[Recorded data]
========================================================================

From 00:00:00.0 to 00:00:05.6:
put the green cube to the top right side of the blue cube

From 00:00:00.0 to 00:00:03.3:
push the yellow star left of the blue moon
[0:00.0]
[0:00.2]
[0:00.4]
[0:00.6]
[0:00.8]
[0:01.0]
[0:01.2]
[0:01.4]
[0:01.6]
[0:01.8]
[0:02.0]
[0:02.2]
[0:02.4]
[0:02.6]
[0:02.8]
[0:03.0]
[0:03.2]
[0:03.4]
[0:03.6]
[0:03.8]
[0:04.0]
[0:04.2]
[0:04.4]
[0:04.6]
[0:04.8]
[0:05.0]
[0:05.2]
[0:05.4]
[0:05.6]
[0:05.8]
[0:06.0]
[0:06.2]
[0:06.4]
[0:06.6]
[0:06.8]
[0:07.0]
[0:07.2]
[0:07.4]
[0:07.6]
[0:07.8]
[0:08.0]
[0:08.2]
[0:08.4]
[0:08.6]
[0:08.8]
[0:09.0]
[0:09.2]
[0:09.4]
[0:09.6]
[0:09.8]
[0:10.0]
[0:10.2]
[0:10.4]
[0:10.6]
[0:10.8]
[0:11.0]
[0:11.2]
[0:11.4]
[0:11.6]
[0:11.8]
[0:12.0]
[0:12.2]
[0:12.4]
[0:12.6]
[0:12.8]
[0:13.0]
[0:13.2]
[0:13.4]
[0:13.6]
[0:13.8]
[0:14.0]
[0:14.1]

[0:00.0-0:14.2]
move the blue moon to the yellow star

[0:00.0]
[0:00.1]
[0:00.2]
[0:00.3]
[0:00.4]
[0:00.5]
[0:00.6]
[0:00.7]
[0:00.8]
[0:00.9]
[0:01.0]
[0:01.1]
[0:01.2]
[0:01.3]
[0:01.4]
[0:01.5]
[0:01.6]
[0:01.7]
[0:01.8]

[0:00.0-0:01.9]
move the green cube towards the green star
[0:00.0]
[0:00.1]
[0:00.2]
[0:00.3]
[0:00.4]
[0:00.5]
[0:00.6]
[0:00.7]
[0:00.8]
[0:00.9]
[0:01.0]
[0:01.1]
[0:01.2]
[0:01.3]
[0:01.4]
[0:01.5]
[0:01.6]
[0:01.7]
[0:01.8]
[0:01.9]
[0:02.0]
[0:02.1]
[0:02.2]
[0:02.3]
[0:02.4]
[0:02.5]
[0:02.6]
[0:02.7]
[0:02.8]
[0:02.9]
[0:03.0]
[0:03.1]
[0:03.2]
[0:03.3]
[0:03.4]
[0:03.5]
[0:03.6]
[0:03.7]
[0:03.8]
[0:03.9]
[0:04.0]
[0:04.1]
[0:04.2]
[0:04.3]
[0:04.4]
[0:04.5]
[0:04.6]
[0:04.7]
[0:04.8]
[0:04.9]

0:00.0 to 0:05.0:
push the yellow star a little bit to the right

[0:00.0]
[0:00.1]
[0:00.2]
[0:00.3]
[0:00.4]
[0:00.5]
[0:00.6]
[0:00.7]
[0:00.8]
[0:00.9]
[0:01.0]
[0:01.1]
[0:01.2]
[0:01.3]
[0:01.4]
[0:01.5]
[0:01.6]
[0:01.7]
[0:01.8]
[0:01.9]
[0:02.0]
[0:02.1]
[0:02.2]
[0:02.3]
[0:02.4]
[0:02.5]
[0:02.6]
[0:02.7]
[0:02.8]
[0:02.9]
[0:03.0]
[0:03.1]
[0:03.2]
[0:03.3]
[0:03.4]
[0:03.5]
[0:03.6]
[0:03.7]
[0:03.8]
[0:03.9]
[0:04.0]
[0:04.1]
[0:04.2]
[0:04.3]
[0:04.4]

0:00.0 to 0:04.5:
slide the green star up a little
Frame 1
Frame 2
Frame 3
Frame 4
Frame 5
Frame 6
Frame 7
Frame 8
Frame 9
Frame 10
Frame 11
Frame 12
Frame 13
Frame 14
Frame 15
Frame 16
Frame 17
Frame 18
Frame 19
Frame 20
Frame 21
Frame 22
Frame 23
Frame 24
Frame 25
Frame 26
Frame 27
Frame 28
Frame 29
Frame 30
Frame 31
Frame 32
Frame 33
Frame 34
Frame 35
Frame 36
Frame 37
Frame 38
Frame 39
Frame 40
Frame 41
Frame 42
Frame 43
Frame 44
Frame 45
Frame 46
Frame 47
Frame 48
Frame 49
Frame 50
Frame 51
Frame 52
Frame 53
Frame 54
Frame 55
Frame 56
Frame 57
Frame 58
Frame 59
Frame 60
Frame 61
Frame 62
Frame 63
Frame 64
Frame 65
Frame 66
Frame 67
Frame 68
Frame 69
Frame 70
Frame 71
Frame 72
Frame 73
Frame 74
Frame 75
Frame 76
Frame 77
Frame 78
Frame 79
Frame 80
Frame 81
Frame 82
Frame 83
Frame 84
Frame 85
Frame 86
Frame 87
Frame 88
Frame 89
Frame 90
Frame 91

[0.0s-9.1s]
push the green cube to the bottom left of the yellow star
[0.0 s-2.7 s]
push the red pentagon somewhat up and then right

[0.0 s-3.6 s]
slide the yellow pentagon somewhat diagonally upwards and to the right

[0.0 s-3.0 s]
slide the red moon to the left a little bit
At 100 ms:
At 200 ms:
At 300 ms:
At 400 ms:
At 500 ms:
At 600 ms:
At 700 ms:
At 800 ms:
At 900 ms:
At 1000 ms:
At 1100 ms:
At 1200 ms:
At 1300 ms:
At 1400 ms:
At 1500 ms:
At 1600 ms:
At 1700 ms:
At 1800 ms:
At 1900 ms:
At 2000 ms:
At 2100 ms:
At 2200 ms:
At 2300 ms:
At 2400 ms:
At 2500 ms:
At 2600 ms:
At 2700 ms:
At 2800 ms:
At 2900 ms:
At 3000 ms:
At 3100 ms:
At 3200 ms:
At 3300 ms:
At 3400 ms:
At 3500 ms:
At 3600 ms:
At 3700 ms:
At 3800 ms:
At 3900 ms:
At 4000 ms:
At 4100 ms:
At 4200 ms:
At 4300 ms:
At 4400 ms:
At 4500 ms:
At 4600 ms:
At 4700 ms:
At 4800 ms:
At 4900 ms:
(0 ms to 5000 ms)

========================================================================

Each entry above has to be transcribed exactly as it appears.

▸ Your solution:
From 00:00:00.0 to 00:00:05.6:
put the green cube to the top right side of the blue cube

From 00:00:00.0 to 00:00:03.3:
push the yellow star left of the blue moon
[0:00.0]
[0:00.2]
[0:00.4]
[0:00.6]
[0:00.8]
[0:01.0]
[0:01.2]
[0:01.4]
[0:01.6]
[0:01.8]
[0:02.0]
[0:02.2]
[0:02.4]
[0:02.6]
[0:02.8]
[0:03.0]
[0:03.2]
[0:03.4]
[0:03.6]
[0:03.8]
[0:04.0]
[0:04.2]
[0:04.4]
[0:04.6]
[0:04.8]
[0:05.0]
[0:05.2]
[0:05.4]
[0:05.6]
[0:05.8]
[0:06.0]
[0:06.2]
[0:06.4]
[0:06.6]
[0:06.8]
[0:07.0]
[0:07.2]
[0:07.4]
[0:07.6]
[0:07.8]
[0:08.0]
[0:08.2]
[0:08.4]
[0:08.6]
[0:08.8]
[0:09.0]
[0:09.2]
[0:09.4]
[0:09.6]
[0:09.8]
[0:10.0]
[0:10.2]
[0:10.4]
[0:10.6]
[0:10.8]
[0:11.0]
[0:11.2]
[0:11.4]
[0:11.6]
[0:11.8]
[0:12.0]
[0:12.2]
[0:12.4]
[0:12.6]
[0:12.8]
[0:13.0]
[0:13.2]
[0:13.4]
[0:13.6]
[0:13.8]
[0:14.0]
[0:14.1]

[0:00.0-0:14.2]
move the blue moon to the yellow star

[0:00.0]
[0:00.1]
[0:00.2]
[0:00.3]
[0:00.4]
[0:00.5]
[0:00.6]
[0:00.7]
[0:00.8]
[0:00.9]
[0:01.0]
[0:01.1]
[0:01.2]
[0:01.3]
[0:01.4]
[0:01.5]
[0:01.6]
[0:01.7]
[0:01.8]

[0:00.0-0:01.9]
move the green cube towards the green star
[0:00.0]
[0:00.1]
[0:00.2]
[0:00.3]
[0:00.4]
[0:00.5]
[0:00.6]
[0:00.7]
[0:00.8]
[0:00.9]
[0:01.0]
[0:01.1]
[0:01.2]
[0:01.3]
[0:01.4]
[0:01.5]
[0:01.6]
[0:01.7]
[0:01.8]
[0:01.9]
[0:02.0]
[0:02.1]
[0:02.2]
[0:02.3]
[0:02.4]
[0:02.5]
[0:02.6]
[0:02.7]
[0:02.8]
[0:02.9]
[0:03.0]
[0:03.1]
[0:03.2]
[0:03.3]
[0:03.4]
[0:03.5]
[0:03.6]
[0:03.7]
[0:03.8]
[0:03.9]
[0:04.0]
[0:04.1]
[0:04.2]
[0:04.3]
[0:04.4]
[0:04.5]
[0:04.6]
[0:04.7]
[0:04.8]
[0:04.9]

0:00.0 to 0:05.0:
push the yellow star a little bit to the right

[0:00.0]
[0:00.1]
[0:00.2]
[0:00.3]
[0:00.4]
[0:00.5]
[0:00.6]
[0:00.7]
[0:00.8]
[0:00.9]
[0:01.0]
[0:01.1]
[0:01.2]
[0:01.3]
[0:01.4]
[0:01.5]
[0:01.6]
[0:01.7]
[0:01.8]
[0:01.9]
[0:02.0]
[0:02.1]
[0:02.2]
[0:02.3]
[0:02.4]
[0:02.5]
[0:02.6]
[0:02.7]
[0:02.8]
[0:02.9]
[0:03.0]
[0:03.1]
[0:03.2]
[0:03.3]
[0:03.4]
[0:03.5]
[0:03.6]
[0:03.7]
[0:03.8]
[0:03.9]
[0:04.0]
[0:04.1]
[0:04.2]
[0:04.3]
[0:04.4]

0:00.0 to 0:04.5:
slide the green star up a little
Frame 1
Frame 2
Frame 3
Frame 4
Frame 5
Frame 6
Frame 7
Frame 8
Frame 9
Frame 10
Frame 11
Frame 12
Frame 13
Frame 14
Frame 15
Frame 16
Frame 17
Frame 18
Frame 19
Frame 20
Frame 21
Frame 22
Frame 23
Frame 24
Frame 25
Frame 26
Frame 27
Frame 28
Frame 29
Frame 30
Frame 31
Frame 32
Frame 33
Frame 34
Frame 35
Frame 36
Frame 37
Frame 38
Frame 39
Frame 40
Frame 41
Frame 42
Frame 43
Frame 44
Frame 45
Frame 46
Frame 47
Frame 48
Frame 49
Frame 50
Frame 51
Frame 52
Frame 53
Frame 54
Frame 55
Frame 56
Frame 57
Frame 58
Frame 59
Frame 60
Frame 61
Frame 62
Frame 63
Frame 64
Frame 65
Frame 66
Frame 67
Frame 68
Frame 69
Frame 70
Frame 71
Frame 72
Frame 73
Frame 74
Frame 75
Frame 76
Frame 77
Frame 78
Frame 79
Frame 80
Frame 81
Frame 82
Frame 83
Frame 84
Frame 85
Frame 86
Frame 87
Frame 88
Frame 89
Frame 90
Frame 91

[0.0s-9.1s]
push the green cube to the bottom left of the yellow star
[0.0 s-2.7 s]
push the red pentagon somewhat up and then right

[0.0 s-3.6 s]
slide the yellow pentagon somewhat diagonally upwards and to the right

[0.0 s-3.0 s]
slide the red moon to the left a little bit
At 100 ms:
At 200 ms:
At 300 ms:
At 400 ms:
At 500 ms:
At 600 ms:
At 700 ms:
At 800 ms:
At 900 ms:
At 1000 ms:
At 1100 ms:
At 1200 ms:
At 1300 ms:
At 1400 ms:
At 1500 ms:
At 1600 ms:
At 1700 ms:
At 1800 ms:
At 1900 ms:
At 2000 ms:
At 2100 ms:
At 2200 ms:
At 2300 ms:
At 2400 ms:
At 2500 ms:
At 2600 ms:
At 2700 ms:
At 2800 ms:
At 2900 ms:
At 3000 ms:
At 3100 ms:
At 3200 ms:
At 3300 ms:
At 3400 ms:
At 3500 ms:
At 3600 ms:
At 3700 ms:
At 3800 ms:
At 3900 ms:
At 4000 ms:
At 4100 ms:
At 4200 ms:
At 4300 ms:
At 4400 ms:
At 4500 ms:
At 4600 ms:
At 4700 ms:
At 4800 ms:
At 4900 ms:
(0 ms to 5000 ms)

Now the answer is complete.